→ **What you are asked to do**
Each line of the records that holds the word "type" should be copied out.

[Items from a data source]
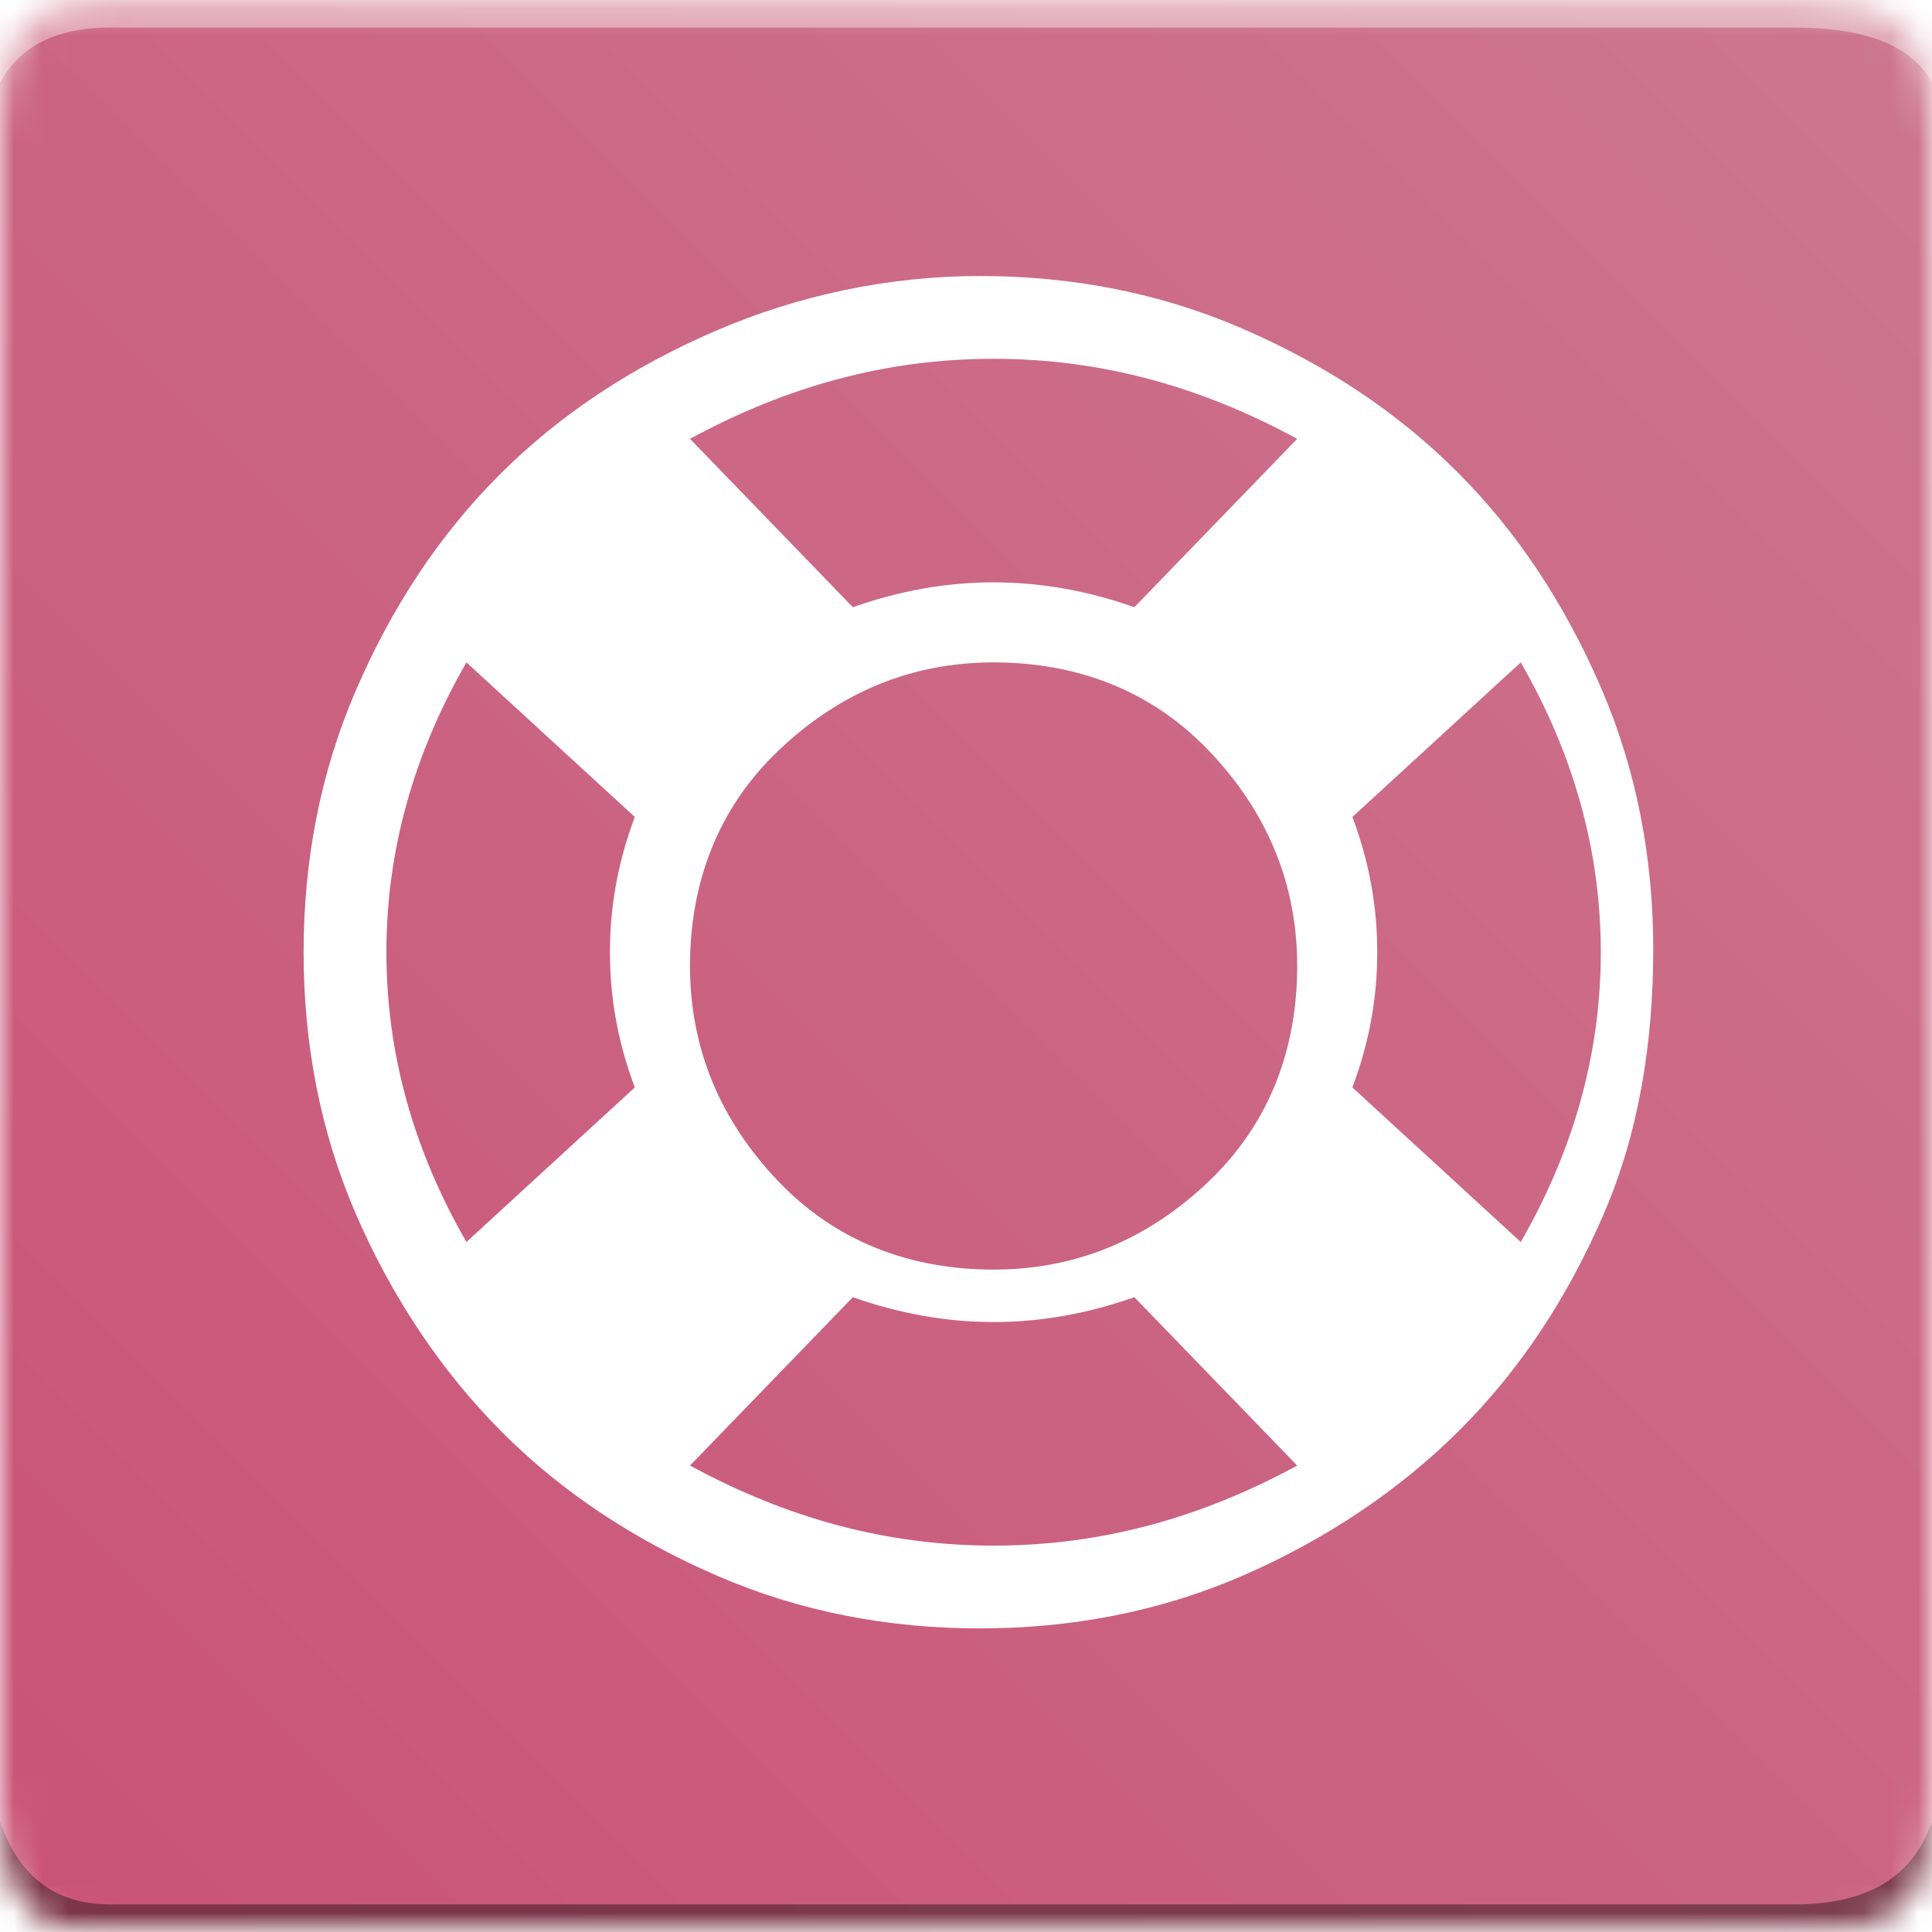 <?xml version="1.0" encoding="utf-8"?>
<!-- Generator: Adobe Illustrator 24.0.2, SVG Export Plug-In . SVG Version: 6.00 Build 0)  -->
<svg version="1.1" id="Capa_1" xmlns="http://www.w3.org/2000/svg" xmlns:xlink="http://www.w3.org/1999/xlink" x="0px" y="0px"
	 viewBox="0 0 70 70" style="enable-background:new 0 0 70 70;" xml:space="preserve">
<style type="text/css">
	.st0{filter:url(#Adobe_OpacityMaskFilter);}
	.st1{fill-rule:evenodd;clip-rule:evenodd;fill:#FFFFFF;}
	.st2{mask:url(#icon-b_1_);}
	.st3{fill-rule:evenodd;clip-rule:evenodd;fill:url(#SVGID_1_);}
	.st4{fill-rule:evenodd;clip-rule:evenodd;fill:#FFFFFF;fill-opacity:0.383;}
	.st5{fill-rule:evenodd;clip-rule:evenodd;fill-opacity:0.383;}
</style>
<g>
	<defs>
		<filter id="Adobe_OpacityMaskFilter" filterUnits="userSpaceOnUse" x="0" y="-0.2" width="70" height="70.2">
			<feColorMatrix  type="matrix" values="1 0 0 0 0  0 1 0 0 0  0 0 1 0 0  0 0 0 1 0"/>
		</filter>
	</defs>
	<mask maskUnits="userSpaceOnUse" x="0" y="-0.2" width="70" height="70.2" id="icon-b_1_">
		<g class="st0">
			<path id="icon-a_1_" class="st1" d="M4,0c32.4,0,54.1,0,61,0c4,0,5,1,5,5c0,38,0,57.4,0,60c0,4-1,5-5,5S9,70,4,70c-3,0-4-1-4-5
				c0-2.5,0-23.2,0-60C0,1,1,0,4,0z"/>
		</g>
	</mask>
	<g class="st2">
		
			<linearGradient id="SVGID_1_" gradientUnits="userSpaceOnUse" x1="-89.686" y1="162.686" x2="-90.686" y2="161.686" gradientTransform="matrix(70 0 0 -70 6348 11388)">
			<stop  offset="0" style="stop-color:#CD7690"/>
			<stop  offset="1" style="stop-color:#CA5377"/>
		</linearGradient>
		<rect class="st3" width="70" height="70"/>
		<path class="st4" d="M4,1h61c2.7,0,4.3,0.7,5,2c0-2.7,0-3.7,0-3H0c0-0.7,0,0.3,0,3C0.7,1.7,2,1,4,1z"/>
		<path class="st5" d="M4,69h61c2.7,0,4.3-1,5-3c0,2.7,0,4,0,4H0c0,0,0-1.3,0-4C0.7,68,2,69,4,69z"/>
		<path class="st1" d="M35.5,10c3.3,0,6.5,0.6,9.5,1.9s5.6,3,7.8,5.2s3.9,4.8,5.2,7.8s1.9,6.2,1.9,9.5S59.4,41,58.1,44
			s-3,5.6-5.2,7.8S48,55.8,45,57.1S38.8,59,35.5,59S29,58.4,26,57.1s-5.6-3-7.8-5.2S14.2,47,12.9,44S11,37.8,11,34.5
			s0.6-6.5,1.9-9.5s3-5.6,5.2-7.8s4.8-3.9,7.8-5.2S32.2,10,35.5,10z M36,13c-3.9,0-7.5,1-11,2.9l5.9,6.1c1.7-0.6,3.4-0.9,5.1-0.9
			s3.4,0.3,5.1,0.9l5.9-6.1C43.5,14,39.9,13,36,13z M16.9,45l6.1-5.6c-0.6-1.6-0.9-3.2-0.9-4.9s0.3-3.3,0.9-4.9L16.9,24
			C15,27.3,14,30.8,14,34.5S15,41.7,16.9,45z M36,56c3.9,0,7.5-1,11-2.9L41.1,47c-1.7,0.6-3.4,0.9-5.1,0.9s-3.4-0.3-5.1-0.9L25,53.1
			C28.5,55,32.1,56,36,56z M36,46c3,0,5.6-1.1,7.8-3.2S47,38,47,35s-1.1-5.6-3.2-7.8S39,24,36,24s-5.6,1.1-7.8,3.2S25,32,25,35
			s1.1,5.6,3.2,7.8S33,46,36,46z M49,39.4l6.1,5.6C57,41.7,58,38.2,58,34.5s-1-7.2-2.9-10.5L49,29.6c0.6,1.6,0.9,3.2,0.9,4.9
			S49.6,37.8,49,39.4z"/>
	</g>
</g>
</svg>

→ **Solution below**
<style type="text/css">
			<feColorMatrix  type="matrix" values="1 0 0 0 0  0 1 0 0 0  0 0 1 0 0  0 0 0 1 0"/>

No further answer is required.